Background
Machine learning algorithms have played a fundamental role in the development of therapeutic antibodies by training on sequence and/or structural datasets. However, structural datasets remain limited, particularly those containing antibody-antigen complexes. Furthermore, many of the available structures are not standardized, and antibody-specific databases often do not provide molecular descriptors that could enhance machine learning models.

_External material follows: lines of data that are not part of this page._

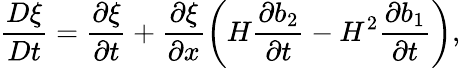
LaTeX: \frac{D\xi}{Dt}=\frac{\partial\xi}{\partial t}+\frac{\partial\xi}{\partial x}\bigg(H\frac{\partial b_{2}}{\partial t}-H^{2}\frac{\partial b_{1}}{\partial t}\bigg),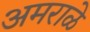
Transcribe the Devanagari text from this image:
अमराळे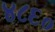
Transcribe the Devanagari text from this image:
४८६०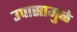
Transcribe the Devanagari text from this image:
उपासामुळे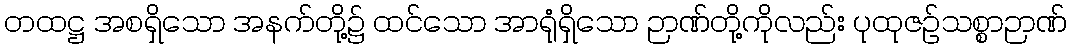
တထဋ္ဌ အစရှိသော အနက်တို့၌ ထင်သော အာရုံရှိသော ဉာဏ်တို့ကိုလည်း ပုထုဇဉ်သစ္စာဉာဏ်
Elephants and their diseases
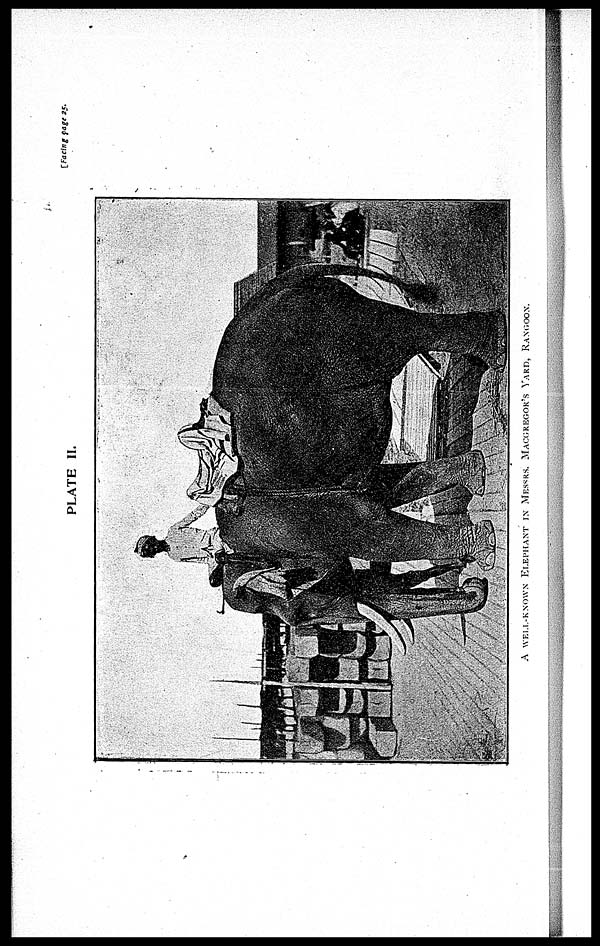
[Facing page 25.
PLATE II.
A WELL-KNOWN ELEPHANT IN MESSRS. MACGREGOR'S YARD, RANGOON.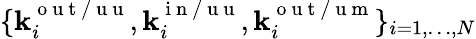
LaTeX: \lbrace\mathbf{k}_{i}^{\mathrm{{~o~u~t~/~u~u~}}},\mathbf{k}_{i}^{\mathrm{{~i~n~/~u~u~}}},\mathbf{k}_{i}^{\mathrm{{~o~u~t~/~u~m~}}}\rbrace_{i=1,\dots,N}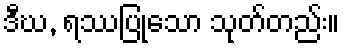
ဒီဃ, ရဿပြုသော သုတ်တည်း။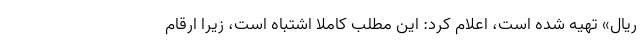
ریال» تهیه شده است، اعلام کرد: این مطلب کاملاً اشتباه است، زیرا ارقام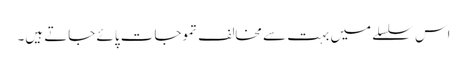
اس سلسلے میں بہت سے مخالف تموجات پائے جاتے ہیں۔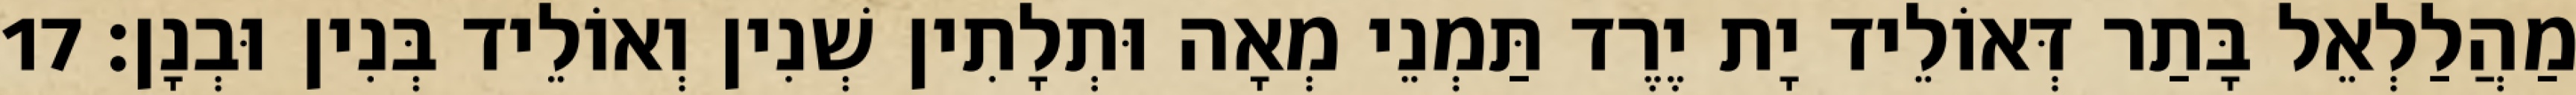
מַהֲלַלְאֵל בָּתַר דְּאוֹלֵיד יָת יֶרֶד תַּמְנֵי מְאָה וּתְלָתִין שְׁנִין וְאוֹלֵיד בְּנִין וּבְנָן׃ 17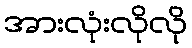
အားလုံးလိုလို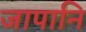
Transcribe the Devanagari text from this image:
जापानि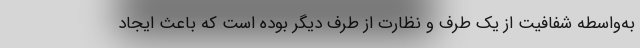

On May 11, 2025, researchers published an article titled " AbSet: A Standardized Data Set of Antibody Structures for Machine Learning Applications " in J Chem Inf Model. AbSet is a curated dataset containing more than 800,000 antibody structures and corresponding molecular descriptors. The dataset provides a comprehensive dataset consisting of standardized experimental structures of antibody-antigen complexes extracted from the RCSB PDB and represented at the residue level by molecular descriptors. In order to better sample the data, subsets generated by computer simulations further enriched the database, providing a reliable and detailed resource for antibody-antigen interaction studies in a single curated dataset. AbSet is publicly available through the Zenodo repository, and the accompanying scripts are hosted on GitHub (https://github.com/SFBBGroup/AbSet.git).

Research Methods
Structural processing
We first retrieved and identified experimental antibody structures from the RCSB PDB. Using ANARCI (a dedicated tool for numbering antibody amino acid sequences), we numbered the sequences according to the Martin scheme, limiting the analysis to antibodies only.
Construction of computer simulation subsets
To increase data diversity, in silico subsets were generated by performing molecular redocking and antibody modeling to generate variations in binding modes for each recovered complex.

Molecular descriptor calculation
Once the structures of the antibody-antigen complexes were standardized across experimentally derived and computer-generated subsets, molecular descriptors were calculated to capture the characteristics of the amino acid residues and their surrounding environment. These descriptors were carefully selected as appropriate representations of the structure, enabling them to be used as input features for the AI algorithm.
Molecular surface properties are described by using both surface and volume information. The selected descriptors include relative solvent accessible area, atomic depth, protrusion index, and hydrophobicity, which effectively capture key characteristics of amino acid residues and their environment. Other important descriptors are also considered, such as the position of Cα atoms and protein structural information. These properties are derived from hemispherical exposure calculations, Cα coordinates, φ and ψ dihedral angles, and protein secondary structure .

AbSet Advantages
The AbSet database successfully handles unusual antibody structures, including those that may not be recognized by AbNum, thereby ensuring comprehensive coverage of antibody variants. This approach complements existing algorithms by overcoming their limitations and providing a more flexible and inclusive solution for antibody structure standardization. Through a strict standardization protocol, it is ensured that each antibody structure contains only variable regions and that each file contains only one complex, improving data quality and consistency.
86% of the structures in AbSet fall within this range, with a resolution better than 4 Å. This is a critical factor in ensuring the quality and accuracy of the structural data used in AI-based model training. The dataset includes antibodies that bind to a variety of antigens, including SARS-CoV-2, reflecting a wide range of antigenic diversity. AbSet's data and scripts are publicly available to facilitate access and use by other researchers.


In conclusion
AbSet is a highly standardized dataset of antibody structures, including variable regions and interacting antigens, enriched with a wealth of data, such as molecular descriptors and decoys representing different binding modes. These structures are carefully curated to reflect key biochemical properties at the residue level. AbSet provides a valuable resource for training and optimizing machine learning models in antibody discovery. In addition, the dataset and accompanying software tools used for calculating molecular descriptors will also be publicly available to support further research in this field.